What the task asks |
An exact reproduction of the records is required. Images must be left out.

Stored data |
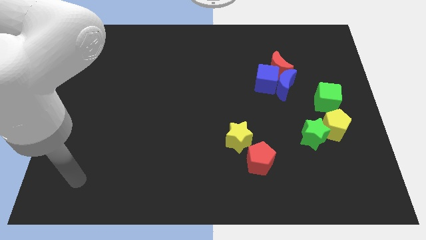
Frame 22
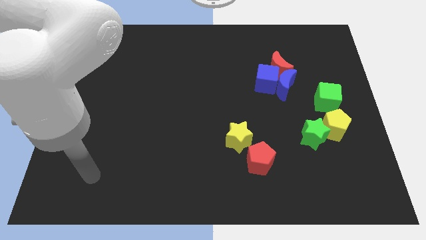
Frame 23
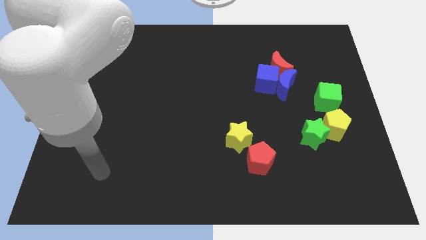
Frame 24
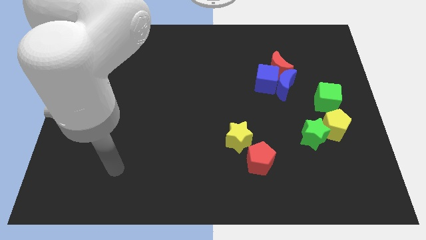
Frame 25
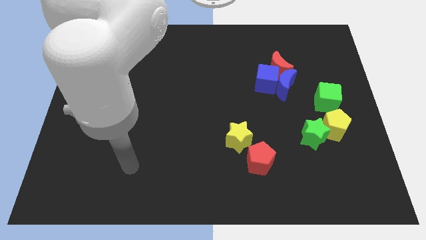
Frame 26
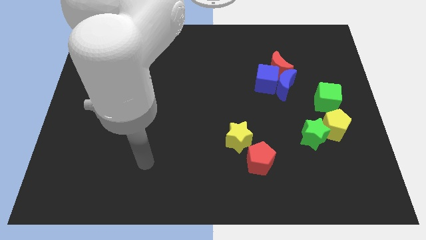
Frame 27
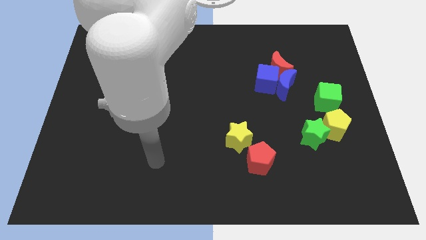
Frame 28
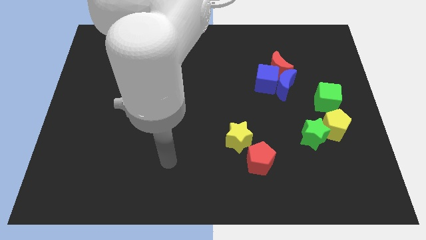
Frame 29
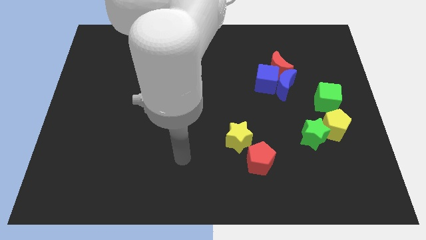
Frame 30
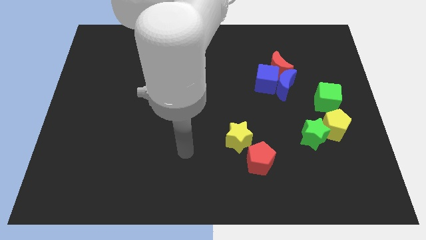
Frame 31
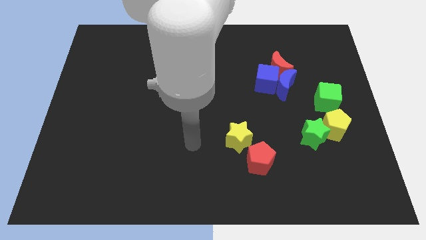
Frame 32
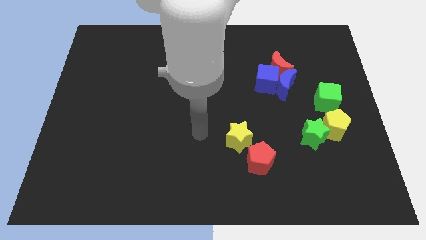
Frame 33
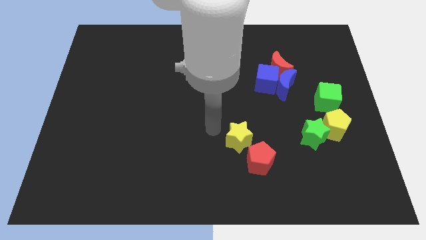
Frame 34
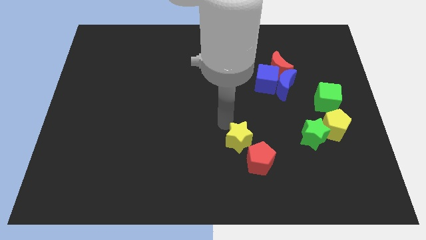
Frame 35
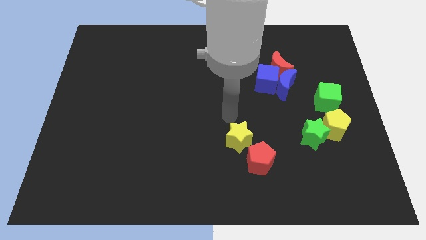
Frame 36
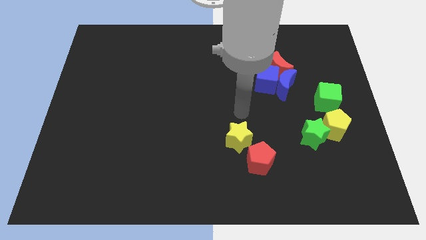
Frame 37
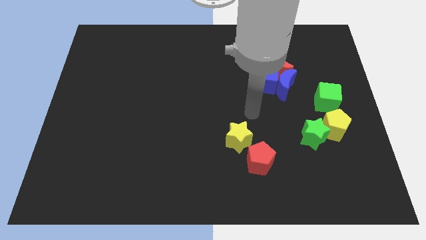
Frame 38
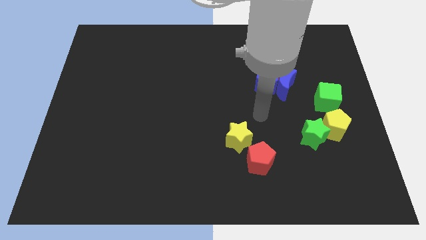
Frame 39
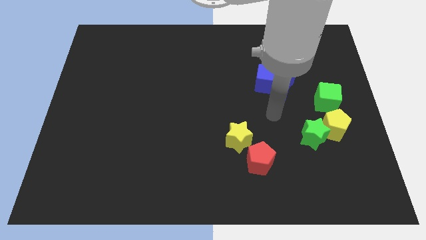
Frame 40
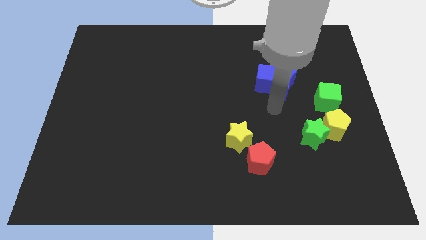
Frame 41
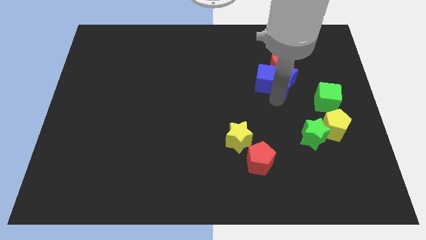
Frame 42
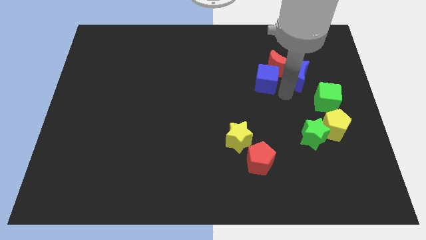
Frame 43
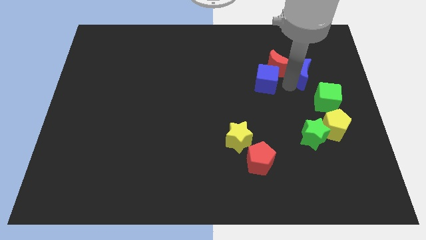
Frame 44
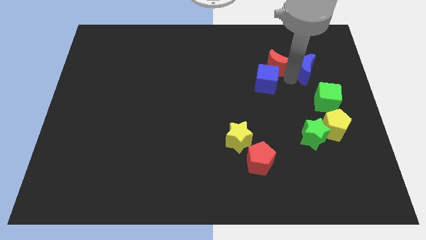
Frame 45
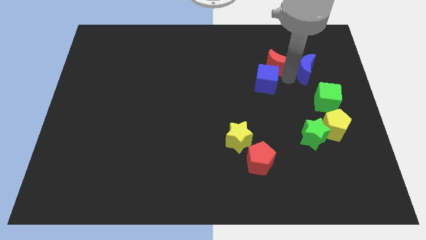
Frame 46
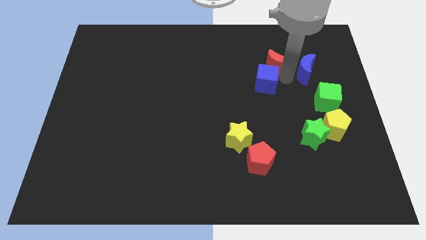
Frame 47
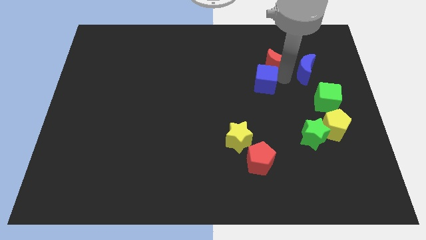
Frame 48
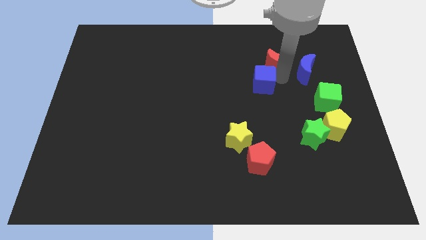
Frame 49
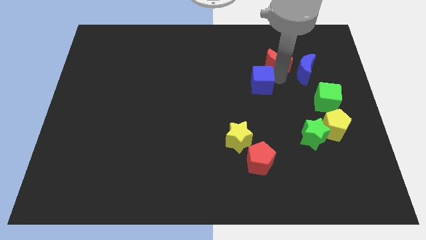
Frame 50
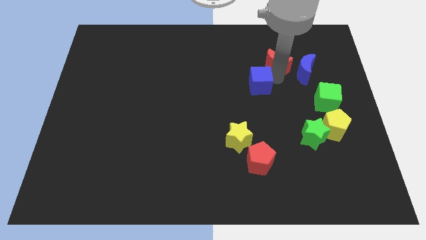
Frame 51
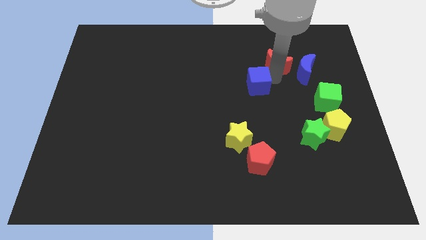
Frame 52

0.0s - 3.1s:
move the blue cube away from the blue moon and red moon

Written answer |
Frame 22
Frame 23
Frame 24
Frame 25
Frame 26
Frame 27
Frame 28
Frame 29
Frame 30
Frame 31
Frame 32
Frame 33
Frame 34
Frame 35
Frame 36
Frame 37
Frame 38
Frame 39
Frame 40
Frame 41
Frame 42
Frame 43
Frame 44
Frame 45
Frame 46
Frame 47
Frame 48
Frame 49
Frame 50
Frame 51
Frame 52

0.0s - 3.1s:
move the blue cube away from the blue moon and red moon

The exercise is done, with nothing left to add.